Data shown Block Start

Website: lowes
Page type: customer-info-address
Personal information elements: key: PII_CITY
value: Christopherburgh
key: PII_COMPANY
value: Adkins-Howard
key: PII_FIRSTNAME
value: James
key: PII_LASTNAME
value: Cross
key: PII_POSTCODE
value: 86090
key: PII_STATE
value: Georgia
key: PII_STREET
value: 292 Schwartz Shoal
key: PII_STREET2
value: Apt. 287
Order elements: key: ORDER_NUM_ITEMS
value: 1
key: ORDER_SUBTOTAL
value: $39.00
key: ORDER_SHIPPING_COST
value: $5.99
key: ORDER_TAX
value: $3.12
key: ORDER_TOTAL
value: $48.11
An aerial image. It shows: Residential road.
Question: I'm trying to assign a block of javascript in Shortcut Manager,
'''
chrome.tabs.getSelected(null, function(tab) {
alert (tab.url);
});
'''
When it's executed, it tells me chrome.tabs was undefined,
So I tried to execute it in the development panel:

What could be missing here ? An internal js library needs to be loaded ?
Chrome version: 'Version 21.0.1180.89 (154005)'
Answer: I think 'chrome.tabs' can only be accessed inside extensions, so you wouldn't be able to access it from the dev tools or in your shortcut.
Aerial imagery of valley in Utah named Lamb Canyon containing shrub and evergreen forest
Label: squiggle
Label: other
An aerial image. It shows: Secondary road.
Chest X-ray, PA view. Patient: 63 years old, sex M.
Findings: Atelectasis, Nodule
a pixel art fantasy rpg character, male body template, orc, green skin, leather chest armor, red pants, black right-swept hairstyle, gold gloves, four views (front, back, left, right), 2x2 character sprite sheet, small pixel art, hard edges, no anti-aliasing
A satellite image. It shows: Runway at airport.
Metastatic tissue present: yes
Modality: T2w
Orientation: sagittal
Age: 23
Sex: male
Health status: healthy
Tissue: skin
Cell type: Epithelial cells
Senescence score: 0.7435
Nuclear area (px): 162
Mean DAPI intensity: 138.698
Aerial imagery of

Data shown Block End

# Problem description
Starting with the first line of the listing, output each line exactly until you have included the one containing "key: ORDER_TAX".

# Response below
Website: lowes
Page type: customer-info-address
Personal information elements: key: PII_CITY
value: Christopherburgh
key: PII_COMPANY
value: Adkins-Howard
key: PII_FIRSTNAME
value: James
key: PII_LASTNAME
value: Cross
key: PII_POSTCODE
value: 86090
key: PII_STATE
value: Georgia
key: PII_STREET
value: 292 Schwartz Shoal
key: PII_STREET2
value: Apt. 287
Order elements: key: ORDER_NUM_ITEMS
value: 1
key: ORDER_SUBTOTAL
value: $39.00
key: ORDER_SHIPPING_COST
value: $5.99
key: ORDER_TAX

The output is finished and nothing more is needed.